Could you print each entry below verbatim while omitting the pictures?

··· DATA ···

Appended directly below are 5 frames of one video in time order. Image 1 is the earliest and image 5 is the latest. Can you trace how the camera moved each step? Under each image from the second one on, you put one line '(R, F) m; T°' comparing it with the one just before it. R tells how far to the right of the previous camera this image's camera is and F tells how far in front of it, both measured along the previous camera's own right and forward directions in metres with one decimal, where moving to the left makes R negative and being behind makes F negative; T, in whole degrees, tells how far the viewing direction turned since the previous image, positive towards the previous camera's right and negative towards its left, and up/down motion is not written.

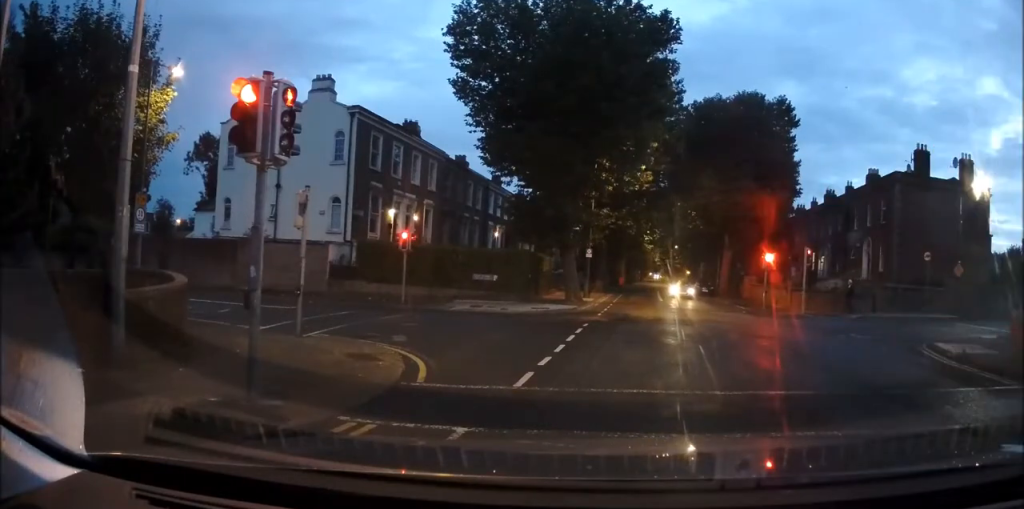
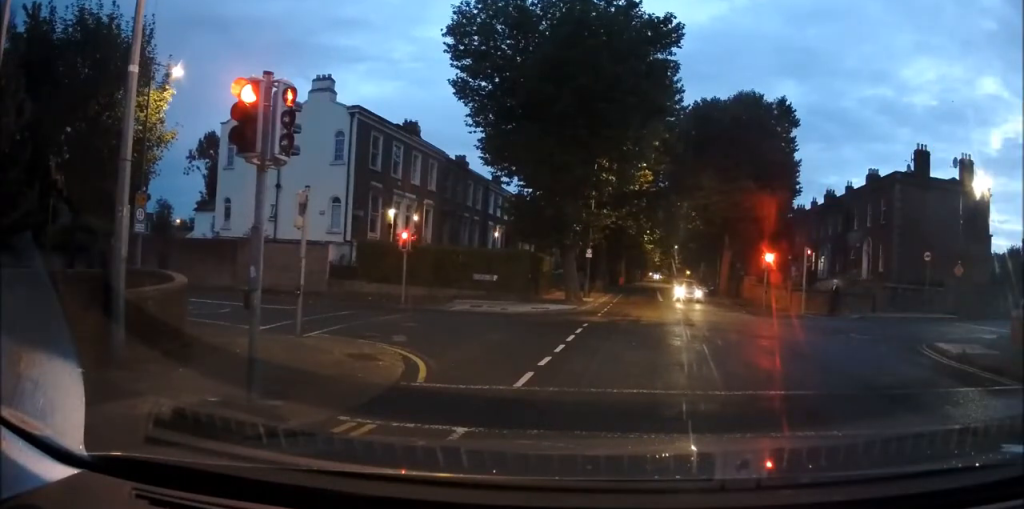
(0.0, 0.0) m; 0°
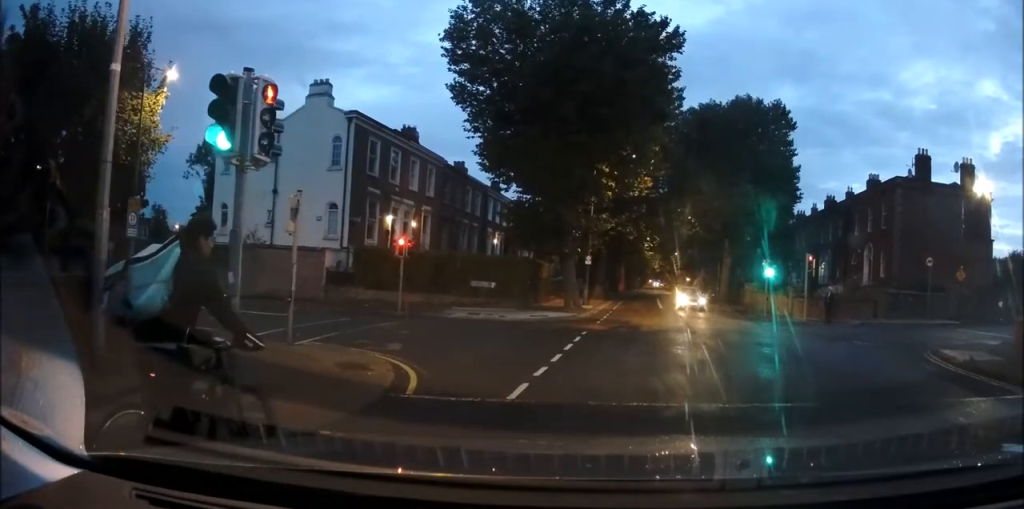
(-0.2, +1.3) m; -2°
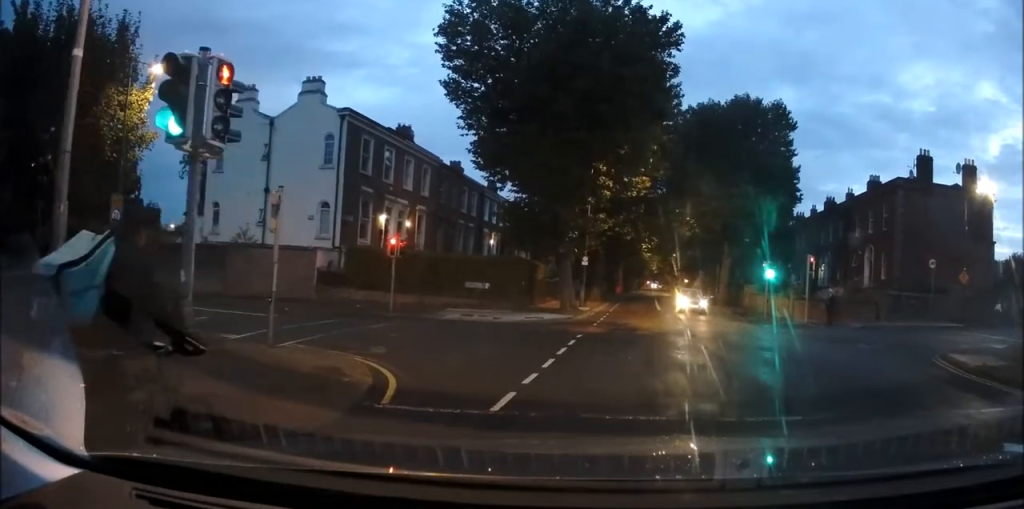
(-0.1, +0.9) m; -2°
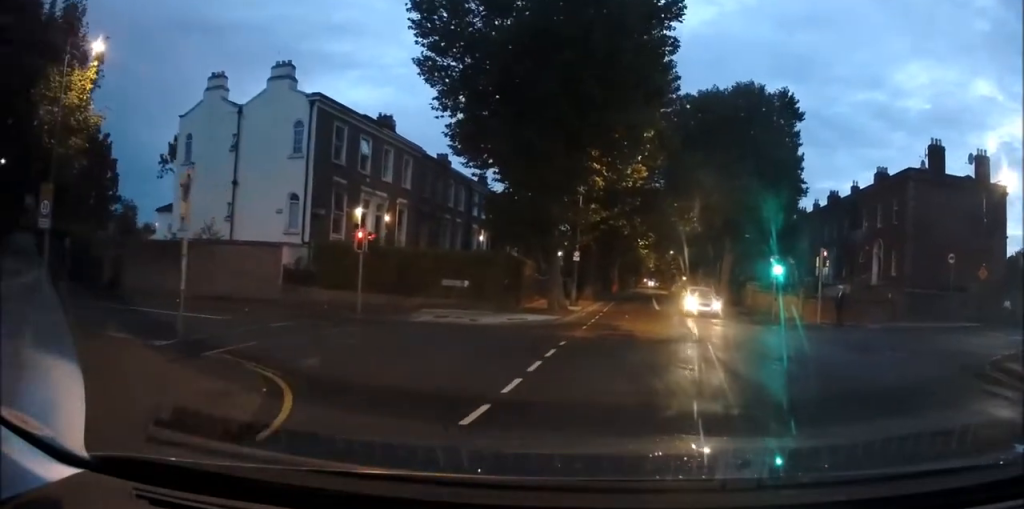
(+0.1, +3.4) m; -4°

···

[ANSWER SPACE]
Appended directly below are 5 frames of one video in time order. Image 1 is the earliest and image 5 is the latest. Can you trace how the camera moved each step? Under each image from the second one on, you put one line '(R, F) m; T°' comparing it with the one just before it. R tells how far to the right of the previous camera this image's camera is and F tells how far in front of it, both measured along the previous camera's own right and forward directions in metres with one decimal, where moving to the left makes R negative and being behind makes F negative; T, in whole degrees, tells how far the viewing direction turned since the previous image, positive towards the previous camera's right and negative towards its left, and up/down motion is not written.

(0.0, 0.0) m; 0°
(-0.2, +1.3) m; -2°
(-0.1, +0.9) m; -2°
(+0.1, +3.4) m; -4°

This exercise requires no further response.